### What you will do
The number of lines holding the string "stacks" is all that is wanted; count them in the records below.

START Records for processing

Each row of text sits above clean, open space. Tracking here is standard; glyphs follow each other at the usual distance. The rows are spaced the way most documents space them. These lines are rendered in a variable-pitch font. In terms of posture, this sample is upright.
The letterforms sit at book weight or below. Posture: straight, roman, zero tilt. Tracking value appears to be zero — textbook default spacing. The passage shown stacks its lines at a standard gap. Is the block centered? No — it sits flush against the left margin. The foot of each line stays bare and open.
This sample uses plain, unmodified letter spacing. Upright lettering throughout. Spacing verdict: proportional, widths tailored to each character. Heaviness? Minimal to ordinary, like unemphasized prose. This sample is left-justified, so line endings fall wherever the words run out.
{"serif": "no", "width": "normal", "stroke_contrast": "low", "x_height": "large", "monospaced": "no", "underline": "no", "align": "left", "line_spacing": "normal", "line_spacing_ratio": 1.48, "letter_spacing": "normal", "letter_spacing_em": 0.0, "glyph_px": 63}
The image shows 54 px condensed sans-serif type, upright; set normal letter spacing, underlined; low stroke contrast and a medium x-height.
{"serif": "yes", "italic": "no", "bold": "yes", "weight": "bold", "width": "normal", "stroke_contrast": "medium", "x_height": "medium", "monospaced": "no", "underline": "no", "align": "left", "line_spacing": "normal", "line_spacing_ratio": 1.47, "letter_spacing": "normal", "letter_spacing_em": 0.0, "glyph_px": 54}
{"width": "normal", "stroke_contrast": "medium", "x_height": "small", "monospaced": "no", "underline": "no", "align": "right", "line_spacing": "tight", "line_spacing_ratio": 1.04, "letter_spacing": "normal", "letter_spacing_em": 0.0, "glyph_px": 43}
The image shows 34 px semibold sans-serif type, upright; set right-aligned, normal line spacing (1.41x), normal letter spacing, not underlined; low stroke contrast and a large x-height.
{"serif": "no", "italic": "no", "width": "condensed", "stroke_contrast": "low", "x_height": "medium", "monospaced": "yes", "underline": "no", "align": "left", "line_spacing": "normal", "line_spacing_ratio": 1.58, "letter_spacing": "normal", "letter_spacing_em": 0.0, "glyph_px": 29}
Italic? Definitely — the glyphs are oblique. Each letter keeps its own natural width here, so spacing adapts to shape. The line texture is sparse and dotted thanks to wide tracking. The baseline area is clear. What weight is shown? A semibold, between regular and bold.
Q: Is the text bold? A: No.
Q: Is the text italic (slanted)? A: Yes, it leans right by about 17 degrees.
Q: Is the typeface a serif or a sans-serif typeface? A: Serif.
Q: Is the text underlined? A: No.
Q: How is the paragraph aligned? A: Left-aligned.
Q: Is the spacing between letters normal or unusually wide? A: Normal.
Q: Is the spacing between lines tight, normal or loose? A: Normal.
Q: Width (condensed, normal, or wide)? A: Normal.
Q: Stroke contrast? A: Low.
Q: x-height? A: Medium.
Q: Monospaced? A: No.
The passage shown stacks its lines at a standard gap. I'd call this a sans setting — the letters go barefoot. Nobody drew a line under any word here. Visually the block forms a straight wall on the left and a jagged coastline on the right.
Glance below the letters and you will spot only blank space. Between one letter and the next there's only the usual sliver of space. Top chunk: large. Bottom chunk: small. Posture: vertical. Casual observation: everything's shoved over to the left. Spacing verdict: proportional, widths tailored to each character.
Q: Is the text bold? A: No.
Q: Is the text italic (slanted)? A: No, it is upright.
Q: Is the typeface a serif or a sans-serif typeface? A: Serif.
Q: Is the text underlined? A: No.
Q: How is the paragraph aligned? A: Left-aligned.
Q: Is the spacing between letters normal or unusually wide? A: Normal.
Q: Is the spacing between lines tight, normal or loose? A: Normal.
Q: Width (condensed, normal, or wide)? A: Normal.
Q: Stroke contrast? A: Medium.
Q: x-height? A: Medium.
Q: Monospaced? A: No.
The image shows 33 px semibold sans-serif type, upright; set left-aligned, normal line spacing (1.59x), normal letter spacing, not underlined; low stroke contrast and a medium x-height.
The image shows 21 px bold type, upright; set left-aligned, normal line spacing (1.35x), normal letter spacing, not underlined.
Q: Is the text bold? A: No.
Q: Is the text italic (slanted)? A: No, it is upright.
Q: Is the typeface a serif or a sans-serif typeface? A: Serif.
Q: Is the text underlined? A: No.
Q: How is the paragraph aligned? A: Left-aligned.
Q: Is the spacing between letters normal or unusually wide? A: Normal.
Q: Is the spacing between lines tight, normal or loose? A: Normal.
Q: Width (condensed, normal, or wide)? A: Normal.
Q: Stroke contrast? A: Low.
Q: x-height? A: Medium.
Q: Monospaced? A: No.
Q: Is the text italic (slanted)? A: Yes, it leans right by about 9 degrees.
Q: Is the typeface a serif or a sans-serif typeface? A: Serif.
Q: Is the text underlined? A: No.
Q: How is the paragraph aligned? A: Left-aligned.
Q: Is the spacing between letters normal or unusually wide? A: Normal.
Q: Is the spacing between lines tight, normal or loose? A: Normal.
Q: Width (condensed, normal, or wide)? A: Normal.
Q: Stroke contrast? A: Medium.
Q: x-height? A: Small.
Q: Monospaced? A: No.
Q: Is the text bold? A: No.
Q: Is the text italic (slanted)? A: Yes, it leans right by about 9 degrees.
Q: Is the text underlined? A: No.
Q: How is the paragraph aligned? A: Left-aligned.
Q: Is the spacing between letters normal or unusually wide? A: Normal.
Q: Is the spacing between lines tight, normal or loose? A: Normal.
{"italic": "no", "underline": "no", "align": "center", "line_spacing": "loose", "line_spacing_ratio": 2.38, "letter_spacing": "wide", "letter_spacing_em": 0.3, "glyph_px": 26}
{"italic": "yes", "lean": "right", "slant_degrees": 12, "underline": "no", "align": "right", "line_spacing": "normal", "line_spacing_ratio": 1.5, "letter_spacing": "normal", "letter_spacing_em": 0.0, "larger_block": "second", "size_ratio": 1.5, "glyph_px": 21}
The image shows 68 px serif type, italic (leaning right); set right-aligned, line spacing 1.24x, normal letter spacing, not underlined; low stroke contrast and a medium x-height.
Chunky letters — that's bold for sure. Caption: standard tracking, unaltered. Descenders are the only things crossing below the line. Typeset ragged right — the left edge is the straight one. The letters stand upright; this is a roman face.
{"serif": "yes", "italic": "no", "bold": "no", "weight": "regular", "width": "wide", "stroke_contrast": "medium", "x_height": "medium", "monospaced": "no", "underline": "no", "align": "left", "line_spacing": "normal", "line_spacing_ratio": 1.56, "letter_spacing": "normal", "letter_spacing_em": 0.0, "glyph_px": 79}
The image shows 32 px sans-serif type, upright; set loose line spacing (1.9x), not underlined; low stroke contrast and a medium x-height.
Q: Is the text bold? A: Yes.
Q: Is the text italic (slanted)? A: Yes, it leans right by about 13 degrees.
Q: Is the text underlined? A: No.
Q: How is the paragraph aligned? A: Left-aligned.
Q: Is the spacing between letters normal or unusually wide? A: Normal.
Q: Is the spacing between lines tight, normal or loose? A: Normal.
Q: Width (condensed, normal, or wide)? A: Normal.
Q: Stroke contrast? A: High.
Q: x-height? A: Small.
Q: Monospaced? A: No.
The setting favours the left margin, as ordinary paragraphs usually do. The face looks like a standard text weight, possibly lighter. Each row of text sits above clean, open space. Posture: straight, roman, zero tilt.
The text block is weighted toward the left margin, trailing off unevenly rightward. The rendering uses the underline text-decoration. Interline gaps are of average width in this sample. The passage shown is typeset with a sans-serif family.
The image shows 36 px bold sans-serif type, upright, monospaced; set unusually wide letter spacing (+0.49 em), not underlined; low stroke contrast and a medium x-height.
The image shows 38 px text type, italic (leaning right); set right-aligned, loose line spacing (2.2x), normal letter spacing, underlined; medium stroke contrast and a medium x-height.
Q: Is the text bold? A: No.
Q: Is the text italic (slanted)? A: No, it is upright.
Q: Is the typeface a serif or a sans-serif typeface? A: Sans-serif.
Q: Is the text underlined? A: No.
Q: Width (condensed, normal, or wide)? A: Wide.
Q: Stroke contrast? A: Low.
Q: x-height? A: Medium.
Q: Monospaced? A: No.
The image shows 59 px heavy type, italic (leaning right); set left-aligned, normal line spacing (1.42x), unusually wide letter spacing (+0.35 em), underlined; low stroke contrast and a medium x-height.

END Records for processing

### Solution to the exercise
2